Divisions of Preventive Medicine and Nutrition, and Cardiology; Columbia University, New York, NY

Objective: Patients with diabetes often have dyslipidemia and increased postprandial lipidemia. Induction of diabetes in LDL receptor (Ldlr–/–) knockout mice also leads to marked dyslipidemia. The reasons for this are unclear.

Research Design and Methods: We placed Ldlr–/– and heterozygous LDL receptor knockout (Ldlr+/–) mice on a high cholesterol (0.15%) diet, induced diabetes with streptozotocin (STZ), and assessed reasons for differences in plasma cholesterol.
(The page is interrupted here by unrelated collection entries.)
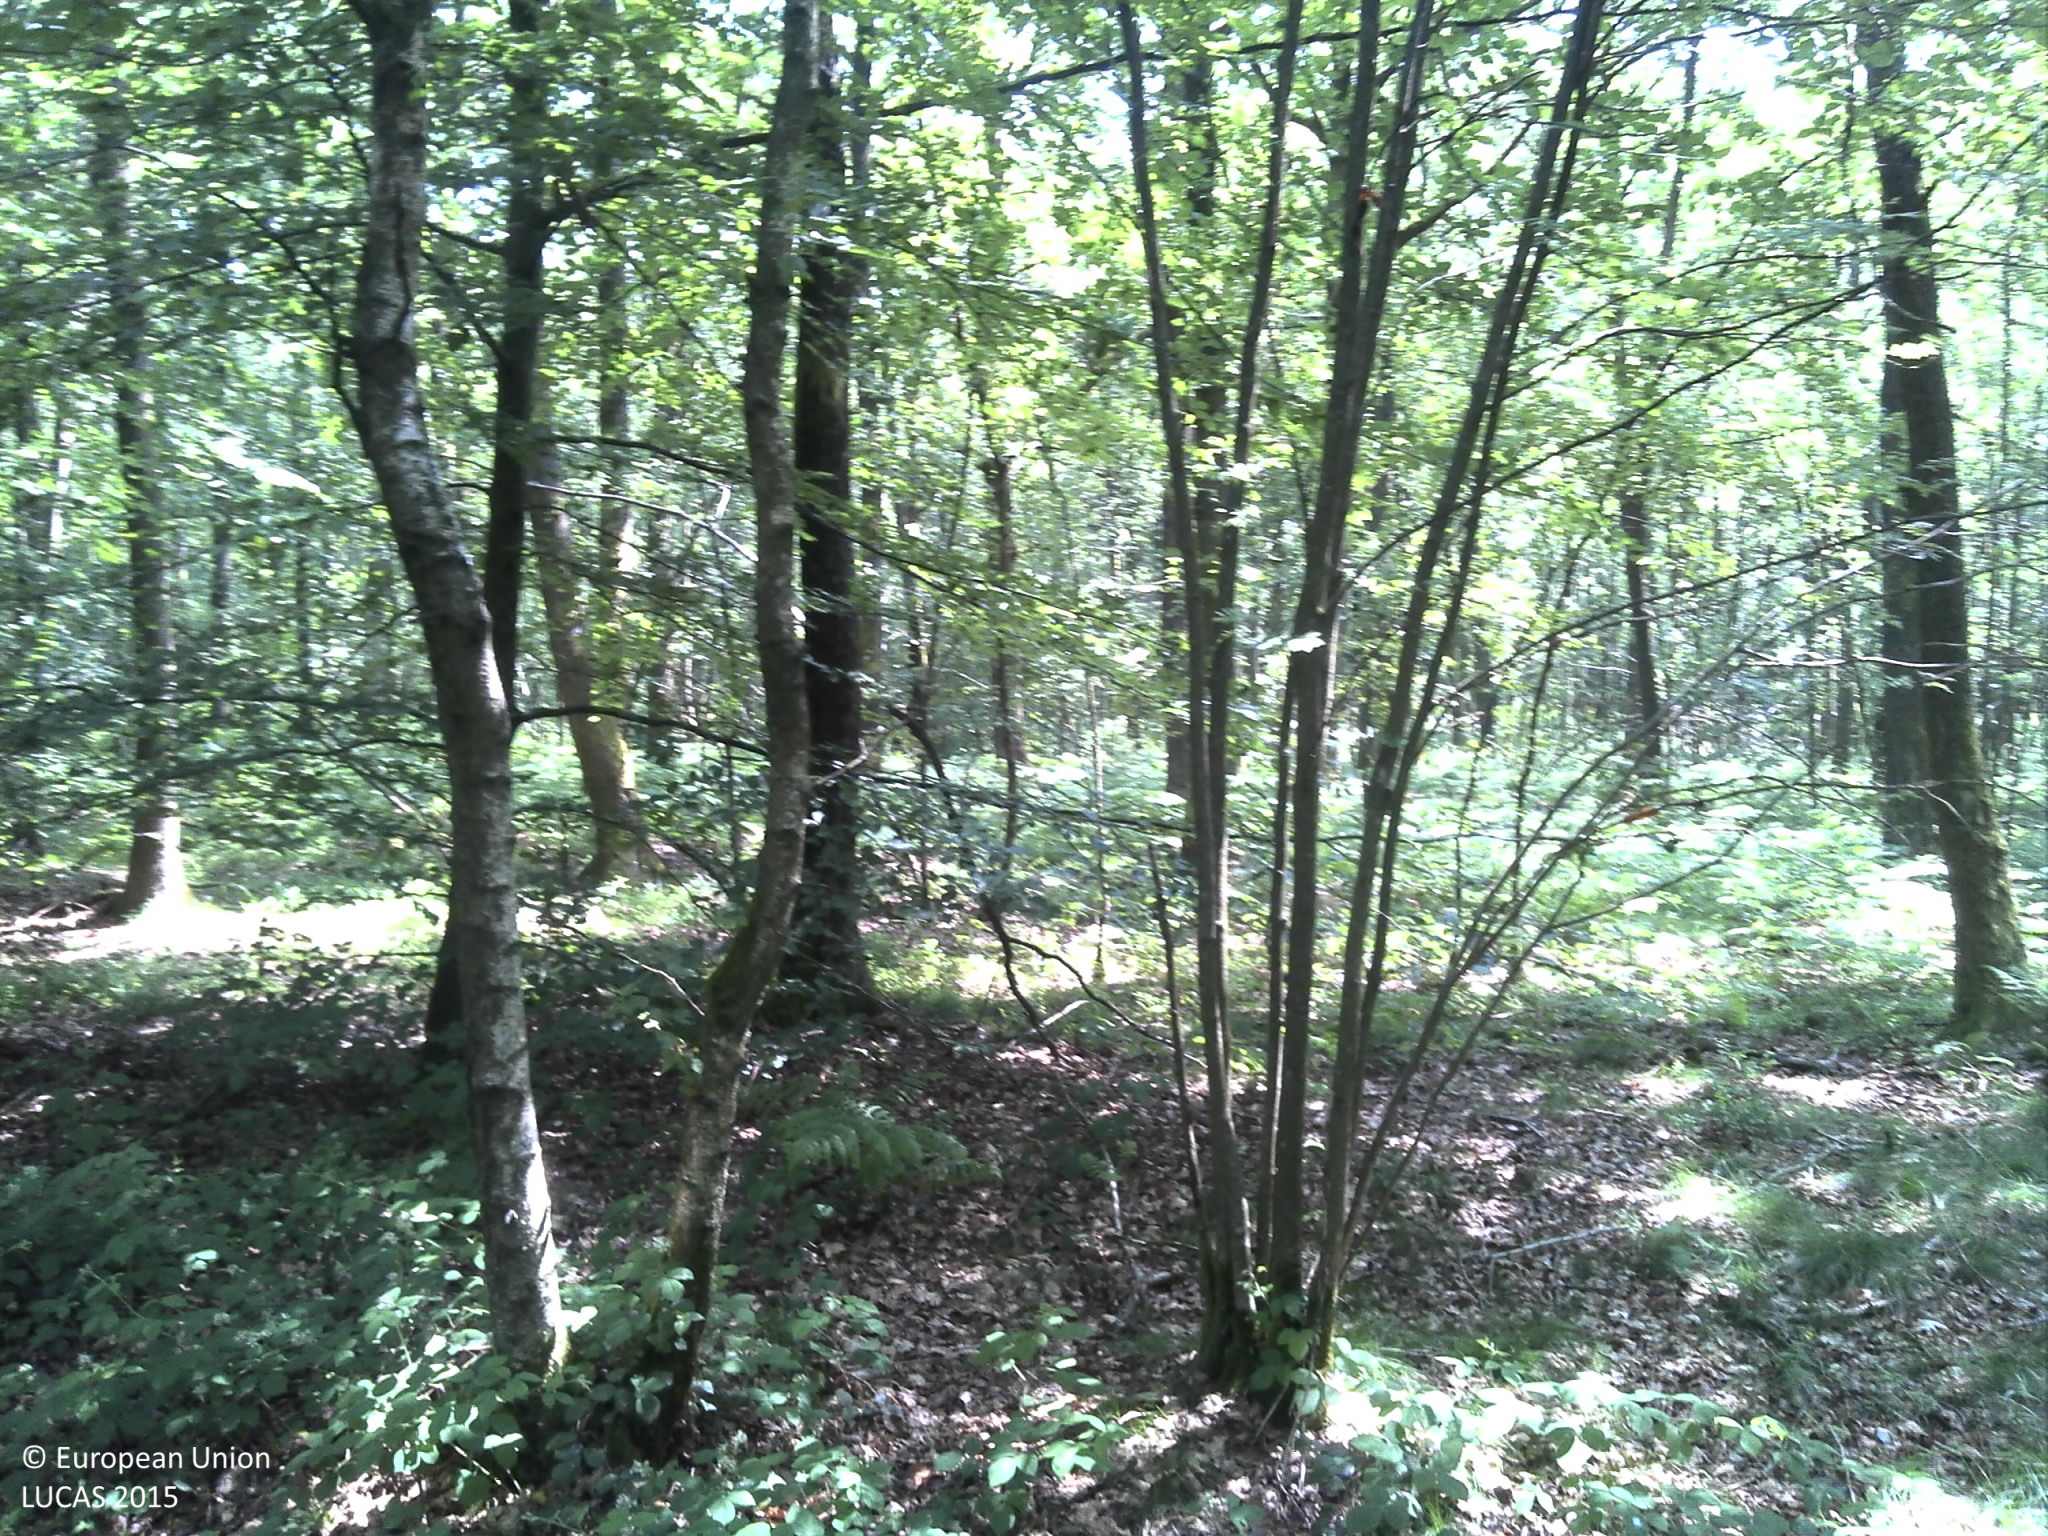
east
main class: Woodland
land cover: Broadleaved woodland
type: acidophilous oak and oak-birch forest
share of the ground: 50 - 75 %
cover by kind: broadleaved forest trees 70 %, herbaceous plants 25 %, consolidated bare surface 5 %
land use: Forestry
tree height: > 5 m
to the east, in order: Broadleaved woodland
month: July
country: FR
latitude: 49.9203
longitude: 4.7738

Results: Diabetic Ldlr–/– mice had plasma cholesterol levels more than double those of non-diabetic controls. FPLC and ultracentrifugation showed an increase in both VLDL and LDL. Plasma VLDL became more cholesterol-enriched and both VLDL and LDL had a greater content of apoE. In LDL the ratio of apoB48 to apoB100 was increased. ApoB production, assessed using [³⁵S]methionine labeling in Triton WR1339-treated mice, was not increased in fasting diabetic mice. Similarly, postprandial lipoprotein production was not increased. Reduction of cholesterol in the diet to normalize the amount of cholesterol intake by the control and diabetic animals reduced plasma cholesterol levels in diabetic mice, but plasma cholesterol was still markedly elevated compared to non-diabetic controls. LDL from diabetic mice was cleared from the plasma and trapped more rapidly by livers of control mice. STZ-treatment reduced liver expression of the proteoglycan sulfation enzyme, Ndst1, an effect that was reproduced in cultured hepatocytyes by high glucose-containing medium.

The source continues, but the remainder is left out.